NTSB: Train That Hit Texas Vets' Float Under Speed Limit
Dec. 05--The National Transportation Safety Board released its preliminary report on the Nov. 15 train crash in Midland that killed four wounded veterans and injured many others.
The train struck a float operated by Show of Support in a parade on the way to a Hunt for Heroes reception in Midland. Wounded veterans and their wives were on the float at the time of the collision.
Much of the report contains information already publicly available and not in dispute.
A 50-year-old Army veteran, Dale Andrew Hayden, was driving a tractor trailer across the intersection of Garfield Street and the railroad at about 4:35 p.m.
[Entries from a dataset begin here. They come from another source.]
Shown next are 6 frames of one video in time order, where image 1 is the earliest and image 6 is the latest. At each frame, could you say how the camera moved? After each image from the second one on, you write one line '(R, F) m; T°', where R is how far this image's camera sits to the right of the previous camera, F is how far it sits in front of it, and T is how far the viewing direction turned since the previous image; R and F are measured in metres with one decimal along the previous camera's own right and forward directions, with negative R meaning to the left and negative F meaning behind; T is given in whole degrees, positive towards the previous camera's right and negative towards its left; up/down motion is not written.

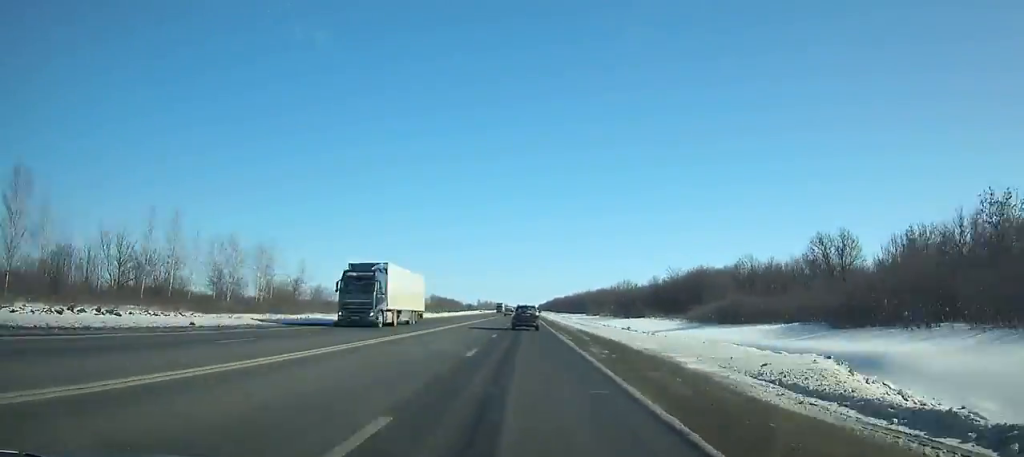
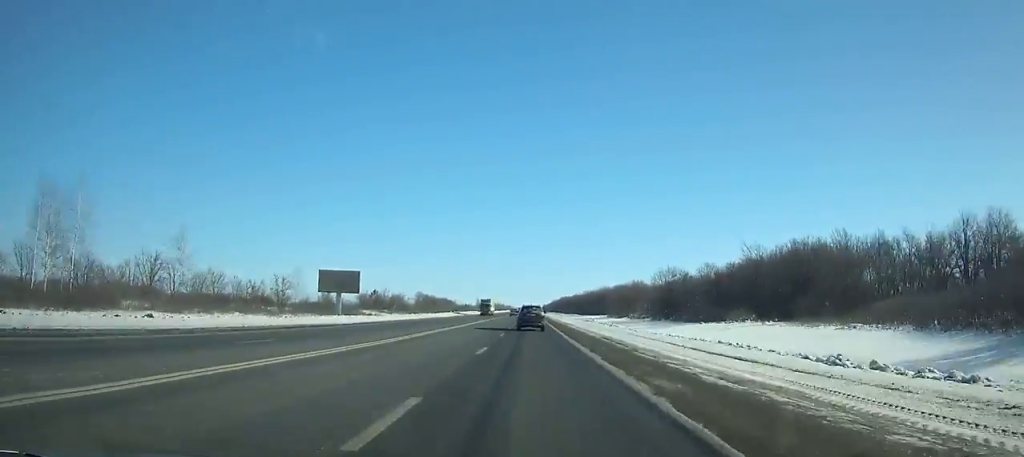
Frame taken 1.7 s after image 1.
(0.0, +45.4) m; 0°
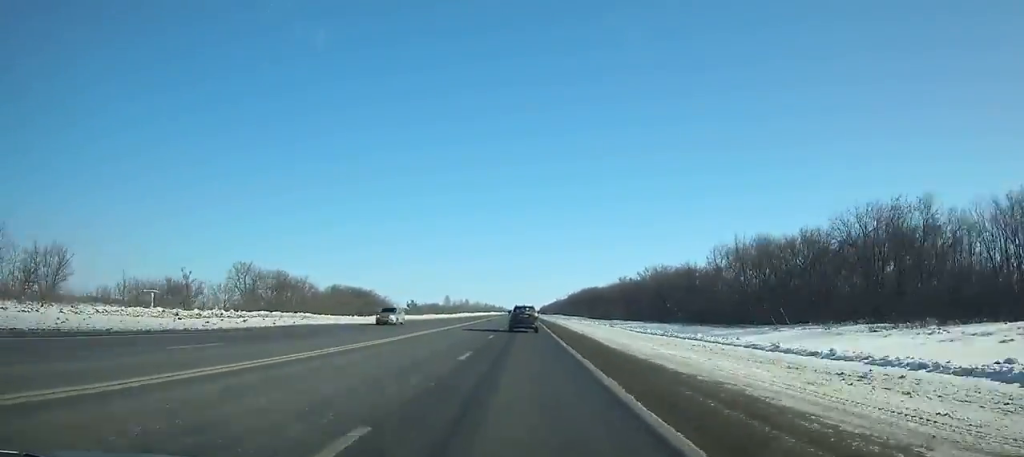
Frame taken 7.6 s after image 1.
(+0.1, +156.8) m; 0°
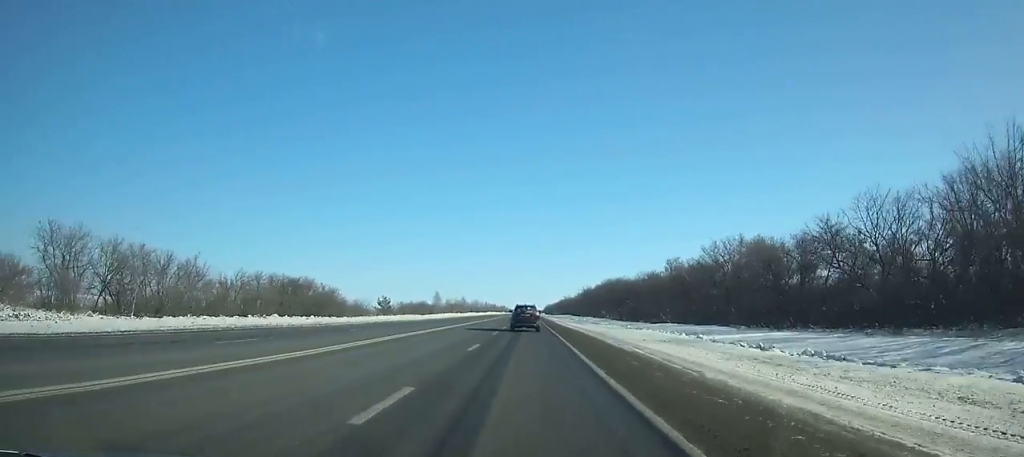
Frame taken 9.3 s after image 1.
(-0.1, +44.7) m; 0°
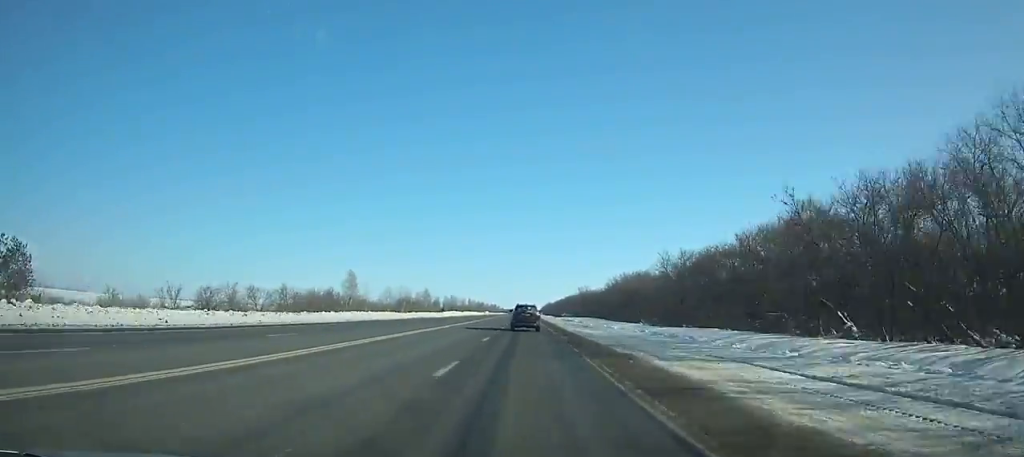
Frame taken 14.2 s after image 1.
(0.0, +127.0) m; 0°
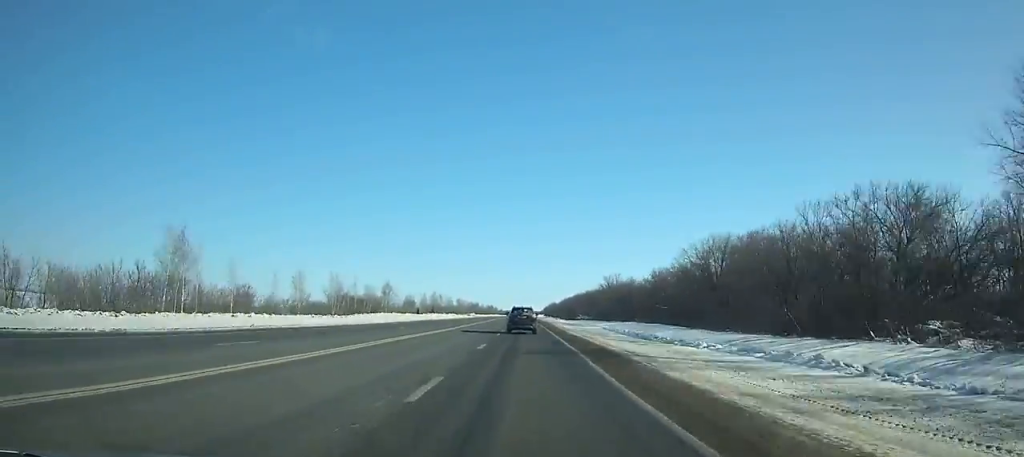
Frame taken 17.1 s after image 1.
(0.0, +74.2) m; 0°

Nov. 15.
According to the report, Hayden was driving the truck at about 5 mph with 24 passengers on the float as the truck entered the railroad crossing.
The 84-car train, with four locomotives, was operated by a 35-year-old engineer and a 27-year-old conductor, according to the report, and external cameras and microphones recorded the train going 62 mph on a track that restricts speed to 70 mph.
According to the report, the engineer sounded the horn and used emergency train brakes, traveling 4,143 feet before coming to a stop.
As the train went through the crossing, the front right corner of the train struck the right rear of the trailer, according to the report.
The trailer then was moved about 30 feet to the south side of the crossing as a result of the collision, according to the report, when that trailer then struck a 2008 Ford Crown Victoria. A Midland County Sheriff's Office deputy was in the vehicle when it was struck.
According to the report, four float passengers were killed, five were seriously injured, and eight float passengers and the deputy suffered minor injuries.
The report does not provide additional information placing blame or giving information on whether crossing gates and lights were working before the crash.